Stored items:
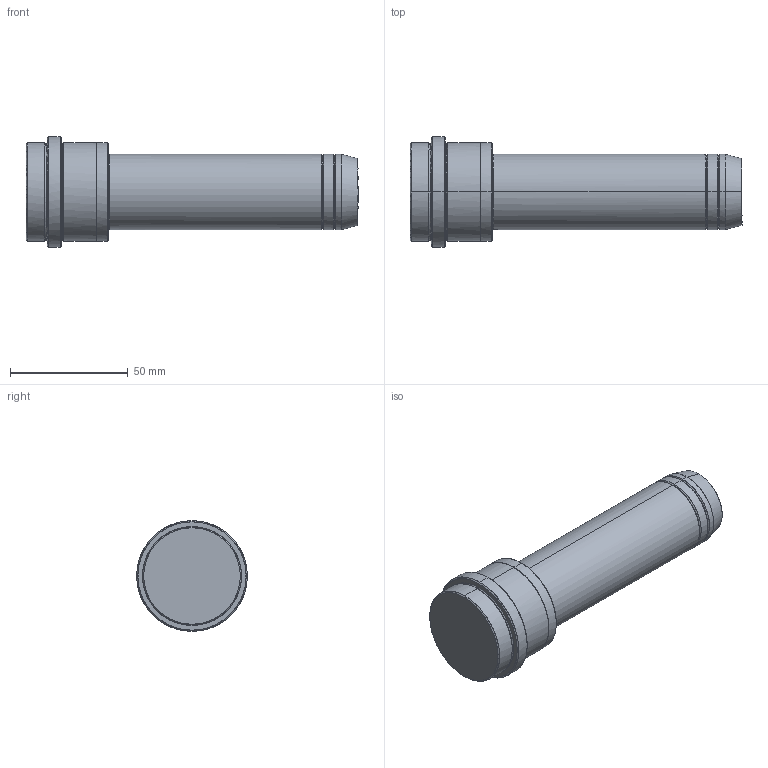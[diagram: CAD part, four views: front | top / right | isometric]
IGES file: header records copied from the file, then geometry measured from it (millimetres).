
Start section: Comment
Global section: file name: GC2S_32x26x106.igs; native system:  By Spatial Corp.; preprocessor: XPlus PS/IGES 3.0; author: Author; organization: Title; date: 20040918.193805; units: inch
Bounding box: 141 x 46.99 x 47 mm (x, y, z)
Surface area: 18709.4 mm2 (no closed solid volume)
Topology: 0 solids, 0 shells, 48 faces, 188 edges, 188 vertices
Faces by surface type: bspline 48
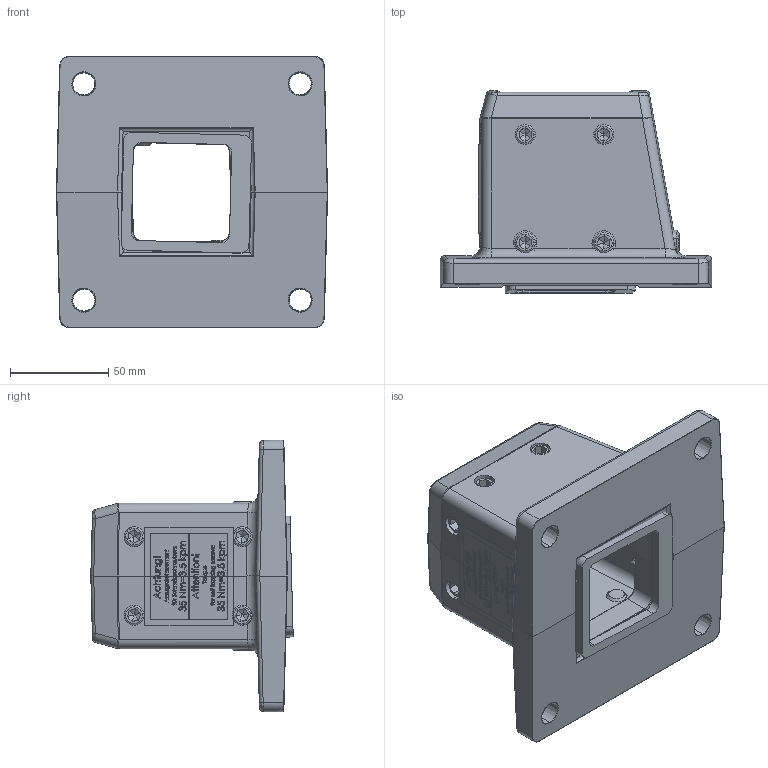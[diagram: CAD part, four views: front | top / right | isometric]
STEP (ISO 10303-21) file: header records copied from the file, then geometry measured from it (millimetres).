
FILE_DESCRIPTION (( 'STEP AP214' ), '1' );
FILE_NAME ('49617400.STEP', '2022-05-04T07:42:52', ( '' ), ( '' ), 'SwSTEP 2.0', 'SolidWorks 2020', '' );
FILE_SCHEMA (( 'AUTOMOTIVE_DESIGN' ));
Length unit declared in the file: millimetre
Products named in the file (8): 96175; 12648_Bearbeitung; 93232; 49617400; 92261; 82115; 92082; 93231
Assembly tree (17 placements, depth 2):
  96175
  49617400
    12648_Bearbeitung
    82115
    93232  x12
    93231  x2
    92261
  92082
Bounding box: 138 x 102.96 x 138 mm (x, y, z)
Volume: 520082 mm3; surface area: 110698.3 mm2
Topology: 17 solids, 17 shells, 2068 faces, 5364 edges, 3463 vertices
Faces by surface type: plane 1047, bspline 780, cylinder 173, cone 66, torus 2
Entity records: 93492 total; most frequent: CARTESIAN_POINT 51873, ORIENTED_EDGE 9812, DIRECTION 5535, EDGE_CURVE 4906, VERTEX_POINT 3211, LINE 3009, VECTOR 3009, EDGE_LOOP 1991

**EXERCISE**
Your reply should repeat the entries above exactly, leaving the pictures out.

**EXERCISE SOLUTION**
[diagram: CAD part, four views: front | top / right | isometric]
IGES file: header records copied from the file, then geometry measured from it (millimetres).
Start section: Comment
Global section: file name: GC2S_32x26x106.igs; native system:  By Spatial Corp.; preprocessor: XPlus PS/IGES 3.0; author: Author; organization: Title; date: 20040918.193805; units: inch
Bounding box: 141 x 46.99 x 47 mm (x, y, z)
Surface area: 18709.4 mm2 (no closed solid volume)
Topology: 0 solids, 0 shells, 48 faces, 188 edges, 188 vertices
Faces by surface type: bspline 48
[diagram: CAD part, four views: front | top / right | isometric]
STEP (ISO 10303-21) file: header records copied from the file, then geometry measured from it (millimetres).
FILE_DESCRIPTION (( 'STEP AP214' ), '1' );
FILE_NAME ('49617400.STEP', '2022-05-04T07:42:52', ( '' ), ( '' ), 'SwSTEP 2.0', 'SolidWorks 2020', '' );
FILE_SCHEMA (( 'AUTOMOTIVE_DESIGN' ));
Length unit declared in the file: millimetre
Products named in the file (8): 96175; 12648_Bearbeitung; 93232; 49617400; 92261; 82115; 92082; 93231
Assembly tree (17 placements, depth 2):
  96175
  49617400
    12648_Bearbeitung
    82115
    93232  x12
    93231  x2
    92261
  92082
Bounding box: 138 x 102.96 x 138 mm (x, y, z)
Volume: 520082 mm3; surface area: 110698.3 mm2
Topology: 17 solids, 17 shells, 2068 faces, 5364 edges, 3463 vertices
Faces by surface type: plane 1047, bspline 780, cylinder 173, cone 66, torus 2
Entity records: 93492 total; most frequent: CARTESIAN_POINT 51873, ORIENTED_EDGE 9812, DIRECTION 5535, EDGE_CURVE 4906, VERTEX_POINT 3211, LINE 3009, VECTOR 3009, EDGE_LOOP 1991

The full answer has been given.